Reputation: 3874
I have a close to 800 MB file which consists of several (header followed by content).
Header looks something like this M=013;X=rast;645.jpg
while content is binary of the jpg file.
So the file looks something like this
M=013;X=rast;645.jpgNULœDüŠˆ.....M=217;X=rast;113.jpgNULÿñÿÿ&åbÿås....M=217;X=rast;1108.jpgNUL]_ÿ×ÉcË/...
The header can occur in one line or across two lines.
I need to parse this file and basically pop out the several jpg images.

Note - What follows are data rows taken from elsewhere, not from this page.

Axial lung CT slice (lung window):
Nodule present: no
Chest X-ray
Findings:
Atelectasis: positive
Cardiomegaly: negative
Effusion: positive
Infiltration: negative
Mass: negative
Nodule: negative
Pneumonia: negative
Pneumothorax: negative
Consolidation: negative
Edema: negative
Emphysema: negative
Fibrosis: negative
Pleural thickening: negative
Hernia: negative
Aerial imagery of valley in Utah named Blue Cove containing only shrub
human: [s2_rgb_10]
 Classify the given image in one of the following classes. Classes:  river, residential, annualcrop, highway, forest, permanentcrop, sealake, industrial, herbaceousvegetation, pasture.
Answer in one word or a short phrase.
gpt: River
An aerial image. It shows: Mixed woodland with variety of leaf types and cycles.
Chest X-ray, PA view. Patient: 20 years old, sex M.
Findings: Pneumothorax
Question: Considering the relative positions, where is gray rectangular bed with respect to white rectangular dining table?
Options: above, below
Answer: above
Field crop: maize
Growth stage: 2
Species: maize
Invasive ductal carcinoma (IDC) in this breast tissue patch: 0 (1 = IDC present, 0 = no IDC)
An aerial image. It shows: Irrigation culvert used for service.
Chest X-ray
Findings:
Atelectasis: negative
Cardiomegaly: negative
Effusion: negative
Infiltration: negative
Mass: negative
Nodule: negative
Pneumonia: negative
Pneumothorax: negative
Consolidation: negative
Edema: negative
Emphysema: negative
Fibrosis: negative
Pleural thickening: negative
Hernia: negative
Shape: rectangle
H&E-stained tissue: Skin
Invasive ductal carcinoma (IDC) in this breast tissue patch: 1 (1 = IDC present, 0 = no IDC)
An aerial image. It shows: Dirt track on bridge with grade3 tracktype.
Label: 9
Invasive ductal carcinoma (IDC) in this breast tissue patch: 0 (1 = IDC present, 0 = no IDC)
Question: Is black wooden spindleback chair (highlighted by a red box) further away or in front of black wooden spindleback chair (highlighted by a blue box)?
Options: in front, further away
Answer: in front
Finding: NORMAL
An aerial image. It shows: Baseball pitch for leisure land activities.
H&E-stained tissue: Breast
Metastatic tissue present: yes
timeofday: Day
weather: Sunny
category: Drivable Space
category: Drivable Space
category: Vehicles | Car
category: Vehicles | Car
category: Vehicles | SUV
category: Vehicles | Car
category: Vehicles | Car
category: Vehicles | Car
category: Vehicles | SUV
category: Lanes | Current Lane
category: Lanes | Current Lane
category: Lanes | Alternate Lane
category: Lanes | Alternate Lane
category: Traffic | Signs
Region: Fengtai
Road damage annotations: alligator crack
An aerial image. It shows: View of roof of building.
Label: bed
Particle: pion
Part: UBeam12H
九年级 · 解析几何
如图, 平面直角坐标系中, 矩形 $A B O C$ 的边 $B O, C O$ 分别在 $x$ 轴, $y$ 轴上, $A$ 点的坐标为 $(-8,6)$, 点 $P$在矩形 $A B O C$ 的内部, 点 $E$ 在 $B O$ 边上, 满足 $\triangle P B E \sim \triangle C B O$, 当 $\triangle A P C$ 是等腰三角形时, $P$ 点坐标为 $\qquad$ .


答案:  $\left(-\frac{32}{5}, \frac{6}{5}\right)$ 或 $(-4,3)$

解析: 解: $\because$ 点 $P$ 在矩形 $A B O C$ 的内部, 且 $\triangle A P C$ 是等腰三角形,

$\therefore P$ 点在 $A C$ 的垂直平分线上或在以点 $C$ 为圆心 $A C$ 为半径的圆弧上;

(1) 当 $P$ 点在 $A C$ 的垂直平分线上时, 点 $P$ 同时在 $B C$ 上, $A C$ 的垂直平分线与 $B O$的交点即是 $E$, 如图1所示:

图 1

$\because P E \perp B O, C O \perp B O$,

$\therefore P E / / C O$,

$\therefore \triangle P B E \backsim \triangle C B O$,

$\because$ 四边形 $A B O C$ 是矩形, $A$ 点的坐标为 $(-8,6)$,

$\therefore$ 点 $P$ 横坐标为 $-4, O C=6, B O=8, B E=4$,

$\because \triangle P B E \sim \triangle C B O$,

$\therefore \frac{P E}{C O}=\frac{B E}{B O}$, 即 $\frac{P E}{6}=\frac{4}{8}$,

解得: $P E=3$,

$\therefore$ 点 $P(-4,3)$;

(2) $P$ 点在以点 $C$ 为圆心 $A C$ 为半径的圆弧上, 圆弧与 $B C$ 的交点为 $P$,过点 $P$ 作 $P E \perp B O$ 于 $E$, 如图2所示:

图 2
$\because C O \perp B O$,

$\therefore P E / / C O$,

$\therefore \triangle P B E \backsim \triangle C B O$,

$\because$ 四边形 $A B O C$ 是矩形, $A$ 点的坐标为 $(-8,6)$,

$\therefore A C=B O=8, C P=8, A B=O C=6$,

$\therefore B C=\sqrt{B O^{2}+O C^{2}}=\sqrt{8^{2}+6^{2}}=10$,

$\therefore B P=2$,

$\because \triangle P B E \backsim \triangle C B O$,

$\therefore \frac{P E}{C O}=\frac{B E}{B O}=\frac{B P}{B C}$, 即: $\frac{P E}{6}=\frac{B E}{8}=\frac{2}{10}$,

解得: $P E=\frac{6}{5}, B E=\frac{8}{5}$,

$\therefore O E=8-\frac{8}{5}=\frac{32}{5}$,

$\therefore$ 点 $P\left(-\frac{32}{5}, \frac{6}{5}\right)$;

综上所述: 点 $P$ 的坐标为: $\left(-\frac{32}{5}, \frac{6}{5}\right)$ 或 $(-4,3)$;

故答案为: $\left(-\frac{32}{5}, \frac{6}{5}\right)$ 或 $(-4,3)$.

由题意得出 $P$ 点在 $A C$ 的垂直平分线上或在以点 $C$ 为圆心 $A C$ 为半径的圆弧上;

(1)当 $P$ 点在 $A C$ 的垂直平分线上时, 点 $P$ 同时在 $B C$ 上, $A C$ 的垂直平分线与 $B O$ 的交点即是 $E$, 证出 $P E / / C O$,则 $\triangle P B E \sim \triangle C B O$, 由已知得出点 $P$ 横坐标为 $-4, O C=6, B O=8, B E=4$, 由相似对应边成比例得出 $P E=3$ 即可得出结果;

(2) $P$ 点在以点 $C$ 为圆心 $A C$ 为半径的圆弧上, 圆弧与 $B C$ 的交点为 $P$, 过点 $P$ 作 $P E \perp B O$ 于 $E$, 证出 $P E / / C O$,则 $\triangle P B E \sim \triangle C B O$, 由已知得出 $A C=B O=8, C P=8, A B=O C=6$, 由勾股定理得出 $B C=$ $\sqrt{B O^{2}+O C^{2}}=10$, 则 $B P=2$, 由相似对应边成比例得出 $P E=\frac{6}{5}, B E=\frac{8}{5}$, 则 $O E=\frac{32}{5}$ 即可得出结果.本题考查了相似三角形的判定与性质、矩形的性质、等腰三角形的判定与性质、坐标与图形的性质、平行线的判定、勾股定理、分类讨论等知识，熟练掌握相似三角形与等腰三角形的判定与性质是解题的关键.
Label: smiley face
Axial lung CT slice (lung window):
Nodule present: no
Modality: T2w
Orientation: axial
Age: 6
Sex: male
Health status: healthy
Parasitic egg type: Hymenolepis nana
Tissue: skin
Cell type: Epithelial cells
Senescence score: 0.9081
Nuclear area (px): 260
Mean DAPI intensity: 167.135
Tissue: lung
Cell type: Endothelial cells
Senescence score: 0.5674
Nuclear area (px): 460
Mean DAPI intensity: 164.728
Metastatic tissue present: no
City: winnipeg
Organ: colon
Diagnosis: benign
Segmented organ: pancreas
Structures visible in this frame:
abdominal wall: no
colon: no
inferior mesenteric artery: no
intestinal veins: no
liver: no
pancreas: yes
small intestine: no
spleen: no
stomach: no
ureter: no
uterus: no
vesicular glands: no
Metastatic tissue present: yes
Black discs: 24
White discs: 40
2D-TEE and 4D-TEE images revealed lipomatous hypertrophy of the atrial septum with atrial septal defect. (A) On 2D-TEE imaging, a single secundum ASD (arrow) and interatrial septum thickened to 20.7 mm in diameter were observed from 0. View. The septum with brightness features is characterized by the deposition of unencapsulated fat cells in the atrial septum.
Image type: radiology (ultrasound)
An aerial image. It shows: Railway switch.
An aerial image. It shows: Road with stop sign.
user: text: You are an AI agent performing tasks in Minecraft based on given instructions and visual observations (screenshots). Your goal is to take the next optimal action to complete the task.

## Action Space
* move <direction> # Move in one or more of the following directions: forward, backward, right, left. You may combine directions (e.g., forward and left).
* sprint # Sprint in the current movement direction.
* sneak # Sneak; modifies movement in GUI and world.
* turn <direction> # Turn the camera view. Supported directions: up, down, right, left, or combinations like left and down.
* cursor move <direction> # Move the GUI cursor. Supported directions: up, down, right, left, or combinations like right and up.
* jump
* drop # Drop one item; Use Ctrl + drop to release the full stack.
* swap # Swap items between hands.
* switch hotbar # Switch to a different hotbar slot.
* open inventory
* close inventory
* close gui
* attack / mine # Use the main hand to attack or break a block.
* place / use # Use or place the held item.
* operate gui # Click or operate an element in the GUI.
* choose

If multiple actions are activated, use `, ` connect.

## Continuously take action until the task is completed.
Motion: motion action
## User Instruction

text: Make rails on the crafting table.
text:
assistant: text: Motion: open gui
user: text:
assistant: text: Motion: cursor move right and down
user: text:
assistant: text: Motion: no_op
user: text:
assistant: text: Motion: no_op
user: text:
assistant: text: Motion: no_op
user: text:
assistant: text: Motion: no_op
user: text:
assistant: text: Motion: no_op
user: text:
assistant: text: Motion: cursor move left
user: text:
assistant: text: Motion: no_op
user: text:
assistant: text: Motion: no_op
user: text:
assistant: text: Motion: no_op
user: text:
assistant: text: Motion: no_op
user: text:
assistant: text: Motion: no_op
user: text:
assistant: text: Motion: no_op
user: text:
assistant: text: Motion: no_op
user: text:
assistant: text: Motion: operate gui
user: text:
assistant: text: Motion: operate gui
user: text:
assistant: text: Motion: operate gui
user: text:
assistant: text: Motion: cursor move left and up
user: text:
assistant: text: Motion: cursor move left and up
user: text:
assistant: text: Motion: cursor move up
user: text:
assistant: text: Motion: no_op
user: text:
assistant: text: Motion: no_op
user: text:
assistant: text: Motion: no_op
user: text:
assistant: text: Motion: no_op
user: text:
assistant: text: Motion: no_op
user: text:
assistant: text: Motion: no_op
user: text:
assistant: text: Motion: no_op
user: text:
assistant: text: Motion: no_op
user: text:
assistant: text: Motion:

Since this is too big a file, please suggest an efficient way? I was hoping to use StreamReader but do not have much experience with regular expressions to use with it.
Upvotes: 0
Views: 172
Reputation: 10169
RegEx:
/(M=.+?;X=.+?;.+?\.jpg)(.+?(?=(?1)|$))/gs
*with recursion (not supported in .NET)
.NET RegEx workaround:
/(M=.+?;X=.+?;.+?\.jpg)(.+?(?=M=.+?;X=.+?;.+?\.jpg|$))/gs
replaced the (?1)
recursion group with the contents inside the 1st capture group
Live demo and Explanation of RegExp: http://regex101.com/r/nQ3pE0/1
You'll want to use the 2nd capture group for binary contents, the 1st group will match the header and the expression needs it to know where to stop.
*edited in italic
Upvotes: 1